Headline

Banyak pihak menyoroti dana program MBG yang masuk alokasi anggaran pendidikan 2026.

Industri Mesti Beradaptasi di Era Disrupsi

Fetry Wuryasti Fetry@mediaindonesia
06/2/2018 02:31
Industri Mesti Beradaptasi di Era Disrupsi
(MI/MOHAMAD IRFAN)

DISRUPSI digital kini melanda ke hampir semua sektor usaha dengan segenap implikasinya. Fenomena luar biasa ini tidak memberikan banyak pilihan kepada pelaku usaha, kecuali segera beradaptasi jika tidak ingin tersaingi perkembangan digital yang bergerak cepat.
Pengamat ekonomi Muhamad Chatib Basri berpendapat, pasar tidak selamanya efisien karena informasi yang tersedia tidak merata. Jika informasi tidak merata, kata dia, akan ada risiko transaksi atau mekanisme pasar tidak terjadi. “Kekhawatiran ini terjawab oleh teknologi digital,” tegasnya dalam seminar Disrupsi Digital: Peluang dan Tantangan di Jakarta, Senin (5/2).
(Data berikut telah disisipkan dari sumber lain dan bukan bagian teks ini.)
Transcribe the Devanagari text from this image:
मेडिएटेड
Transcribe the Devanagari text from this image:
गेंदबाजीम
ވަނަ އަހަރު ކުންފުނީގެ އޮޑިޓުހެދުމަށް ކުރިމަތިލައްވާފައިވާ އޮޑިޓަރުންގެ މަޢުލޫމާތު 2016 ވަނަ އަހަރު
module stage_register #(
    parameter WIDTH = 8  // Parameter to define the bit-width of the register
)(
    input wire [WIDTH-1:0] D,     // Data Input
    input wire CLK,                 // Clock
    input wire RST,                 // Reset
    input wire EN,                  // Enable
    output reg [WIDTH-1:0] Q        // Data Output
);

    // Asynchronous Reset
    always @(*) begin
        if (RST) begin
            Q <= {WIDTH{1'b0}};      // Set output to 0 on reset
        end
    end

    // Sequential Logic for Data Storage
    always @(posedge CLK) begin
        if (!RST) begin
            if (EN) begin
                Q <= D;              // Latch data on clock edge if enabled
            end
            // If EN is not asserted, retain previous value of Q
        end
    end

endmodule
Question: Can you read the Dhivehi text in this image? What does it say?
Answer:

Teknologi digital, menurut Chatib, mampu memberikan informasi tanpa menaikkan harga transaksi karena salah satu penyebab tingginya biaya transaksi ialah hambatan dalam komunikasi. “Persoalannya, teknologi digital datang bukan hanya dengan manfaat. Ada juga potensi persoalan seperti waktu untuk beradaptasi, penurunan lapangan kerja, dan perlunya keterampilan baru,” ujarnya. Chatib mengatakan sebenarnya ruang bagi pekerjaan konvensional tetap ada, namun perlu redefinisi dari jenis pekerjaan dan keahlian yang perlu ditambahkan. Sebab, menurut Chatib, di masa depan karena pengaruh big data membuat semua layanan menjadi personilized. Dengan demikian, dari kemungkinan 5,1 juta orang yang akan kehilangan pekerjaan, sebagian dari mereka akan kembali bekerja dengan keahlian yang sudah dilatih. Dia mencontohkan profesi perawat yang tetap dibutuhkan, namun harus disertai keahlian meng-operasikan mesin yang meng-olah data.
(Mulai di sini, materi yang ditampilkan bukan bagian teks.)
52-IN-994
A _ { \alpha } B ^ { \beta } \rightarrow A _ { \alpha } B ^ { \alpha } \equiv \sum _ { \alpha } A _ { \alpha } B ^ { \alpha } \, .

Pemanfaatan teknologi digital juga mesti lakukan pihak perbankan. Namun, untuk bertransformasi yang sifatnya drastis dan memberikan dampak signifikan prosesnya juga tidak mudah dan tidak murah. Direktur Bank Tabungan dan Pensiun Nasional (Tbk) atau BTPN, Kharim Siregar mengatakan di sektor perbankan, digitalisasi bisa menekan biaya untuk melayani nasabah sampai 75% untuk pembukaan rekening dan menekan biaya hingga 90% untuk pembayaran, dibandingkan dengan konvensional. “Efisiensinya sangat baik karena cost to serve akan turun 80-90% lewat platform digital. Tentu revenue perbankan juga akan turun, begitu pula profit. Efisiensi dari memberikan layanan yang sama, mengakibatkan revenue pool hilang,” ujarnya.
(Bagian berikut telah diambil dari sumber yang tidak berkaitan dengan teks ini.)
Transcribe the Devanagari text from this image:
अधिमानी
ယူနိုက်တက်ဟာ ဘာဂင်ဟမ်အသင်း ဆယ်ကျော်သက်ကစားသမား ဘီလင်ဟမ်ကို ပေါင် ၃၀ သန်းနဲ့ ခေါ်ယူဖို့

Oleh karena itu, kata Kharim, industri harus menyesuaikan diri terhadap disrupsi dengan berkolaborasi bersama tekfin yang memang sangat baik dalam analitik dana dan fokus pada pengalaman pemakai atau users. Menurut dia, yang terpenting bukan seberapa canggih teknologinya, melainkan informasi yang bisa sampai ke pelanggan dan menciptakan user experience. “Keunggulan fintech (tekfin) ada pada data, fokus, biaya, dan integrasi yang menyeluruh. Kolaborasi bank, perusahan telekomonikasi dan fintech bergabung, akan menjadi sarana yang powerful,” ujarnya.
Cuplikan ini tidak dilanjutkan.